Wednesday, December 17, 2014

A Morning In The Green Boogers & Oatmeal Life

The most common things that come out of my mouth every weekday between 6:27 a.m. and 9 a.m.:

"It's not time to wake up yet... shhhhh!"
"We have 3 more minutes before it's wake-up time."
"If you are in Mommy and Daddy's bed, you have to be quiet."
"Ouch! Go play in your bedroom with sissy... quietly."
"No, you may not have a Fiber One bar."
"Eat your breakfast."
"No... you've had enough Wild Kratts.  Time to get ready for the day."
"Yes... it's school day."
"Oh, I know!  It's horrible. You'll survive." 
"Please get dressed."
"You have to get dressed before Mommy finishes her coffee... or Mommy picks out your outfit."
"Good job getting dressed.  Now, let's try it with the underwear under the pants."
"You look so nice! Thank you for getting dressed on your own."
"No, you cannot wear that.  It's dirty/you wore it yesterday/it's too cold outside for that."
"Did you remember underwear?"
"Did you flush?"
"Wash your hands."
"Hold on one sec... I'll be right there to wipe your bummy!"
"Don't forget to put on your socks."
"Please put on your shoes."
"Nope... wrong feet.
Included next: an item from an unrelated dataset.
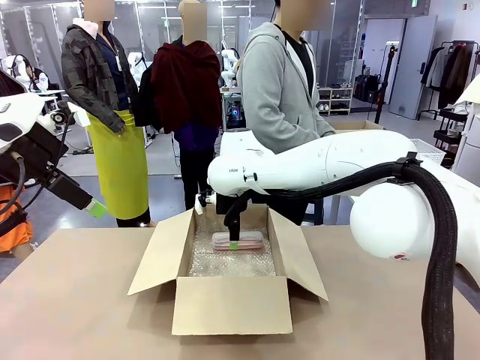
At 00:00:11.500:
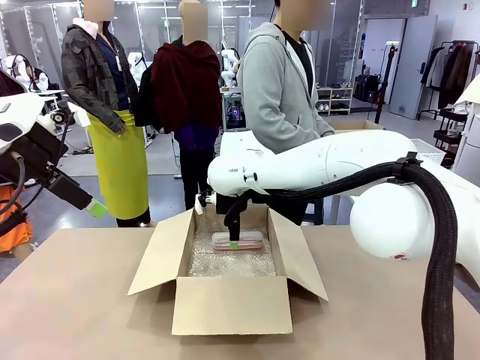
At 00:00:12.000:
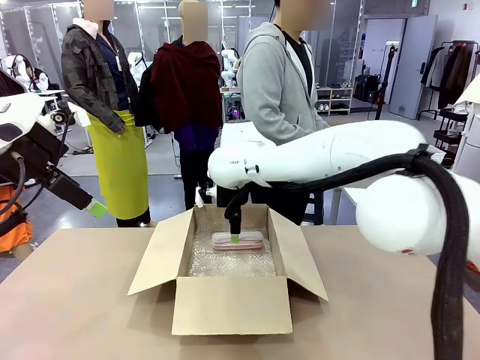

Try again, sweetie."
"Where is your coat?"
"Because I said so."
"Stop asking why... just do it."
"Are you kidding me?"
"Stop teasing your sister."
"You can't have mac & cheese for breakfast."
"Please sit on your bummy."
"You do that again, Mommy takes your blankie/teddy bear."
"Don't carry the cat upside down by his tail!"
"Would you like ME to carry YOU that way?"
"You're missing the point."
"Come get your vitamins."
"You get what you get... and you don't throw a fit."
"Deal with it, kiddo."
"No, you can't have gummy bears for breakfast."
"Please go get in the car."
"Because I said so!"
"Brushing your hair does NOT hurt."
"Yes... if you want long hair like Rapunzel you have to stop sucking your thumb and eat your veggies."
"If you want a french braid, you have to sit still."
"You can't ask for a french braid when we're already 10 minutes late!"
"You said you wanted a french braid.  THIS is a french braid!"
"I think what you meant to say was 'thank you'."
"No... I'm done doing hair for a while until you can remember to be grateful."
"You're fine."
"Shake it off."
"You can have Cheerios... or Cheerios."
"We're out of oatmeal."
"We're also out of pancakes."
"No... those are Mommy's special fatty pancakes with whip cream.  No, you may not have them."
"Yes... you may have bacon."
"You wanted toast... that IS toast!"
"It's not nice to steal food off of anyone's plate.  EAT YOUR OWN BREAKFAST."
"The last time I got to eat all my food off my own plate was before you were born, you know that, right?"
"Next time you get out of your seat, that means you're done eating and we give Daddy-monster your breakfast."
"Go get in the car."
"Worry about yourself, please."
"No more tattling!"
"No, you can't take that toy with you."
"Because teacher will take it away."
"Because I said so."
"Where is your blankie?"
"Why are your pants on backwards?"
"Why in the world would you take your shoes off IN THE CAR ON THE WAY TO SCHOOL?"
"If you want second breakfast at school, you better hurry!"
"We're totally late... let's move!"
"I'm sorry... I don't know where the Frozen CD is."
"Stop sticking your tongue out."
"You think I can't see you?"
"Yes, I DO have eyes in the back of my head."
"Yes... I DO know everything.  Because I eat my vegetables."
"Because I said so!"
"I love you."
"What do you mean you need something for show and share?"

And that, my friends, is more words than I speak in an entire day at work.